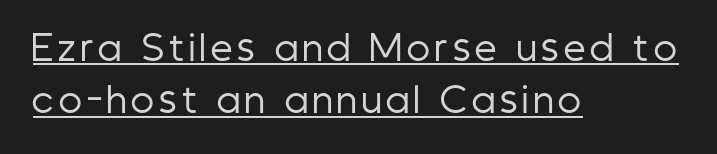
{"serif": "no", "italic": "no", "bold": "no", "weight": "regular", "width": "condensed", "stroke_contrast": "low", "x_height": "medium", "monospaced": "no", "underline": "yes", "align": "left", "line_spacing": "normal", "line_spacing_ratio": 1.5, "glyph_px": 35}
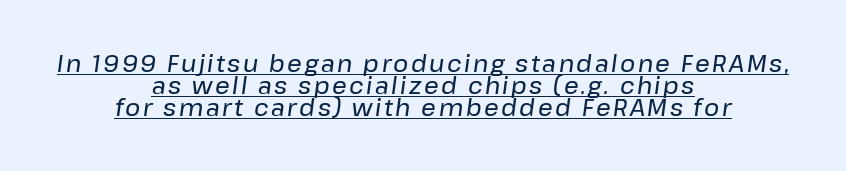
Honestly, the underline is the first thing you notice here. The paragraph shown floats in the horizontal middle. Baseline-to-baseline distance is barely more than the letter height. Is the type slanted? Yes — the strokes lean at a clear angle.
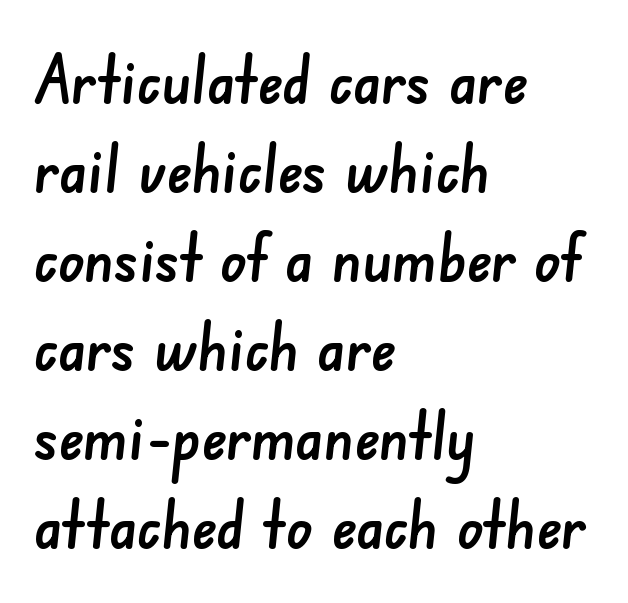
The image shows 66 px sans-serif type; set left-aligned, normal line spacing (1.35x), normal letter spacing, not underlined; low stroke contrast and a small x-height.

Exercise objective. A word-for-word copy of the data above is needed, one that omits the pictures.

Expected output.
{"serif": "no", "italic": "no", "bold": "no", "weight": "regular", "width": "condensed", "stroke_contrast": "low", "x_height": "medium", "monospaced": "no", "underline": "yes", "align": "left", "line_spacing": "normal", "line_spacing_ratio": 1.5, "glyph_px": 35}
Honestly, the underline is the first thing you notice here. The paragraph shown floats in the horizontal middle. Baseline-to-baseline distance is barely more than the letter height. Is the type slanted? Yes — the strokes lean at a clear angle.
The image shows 66 px sans-serif type; set left-aligned, normal line spacing (1.35x), normal letter spacing, not underlined; low stroke contrast and a small x-height.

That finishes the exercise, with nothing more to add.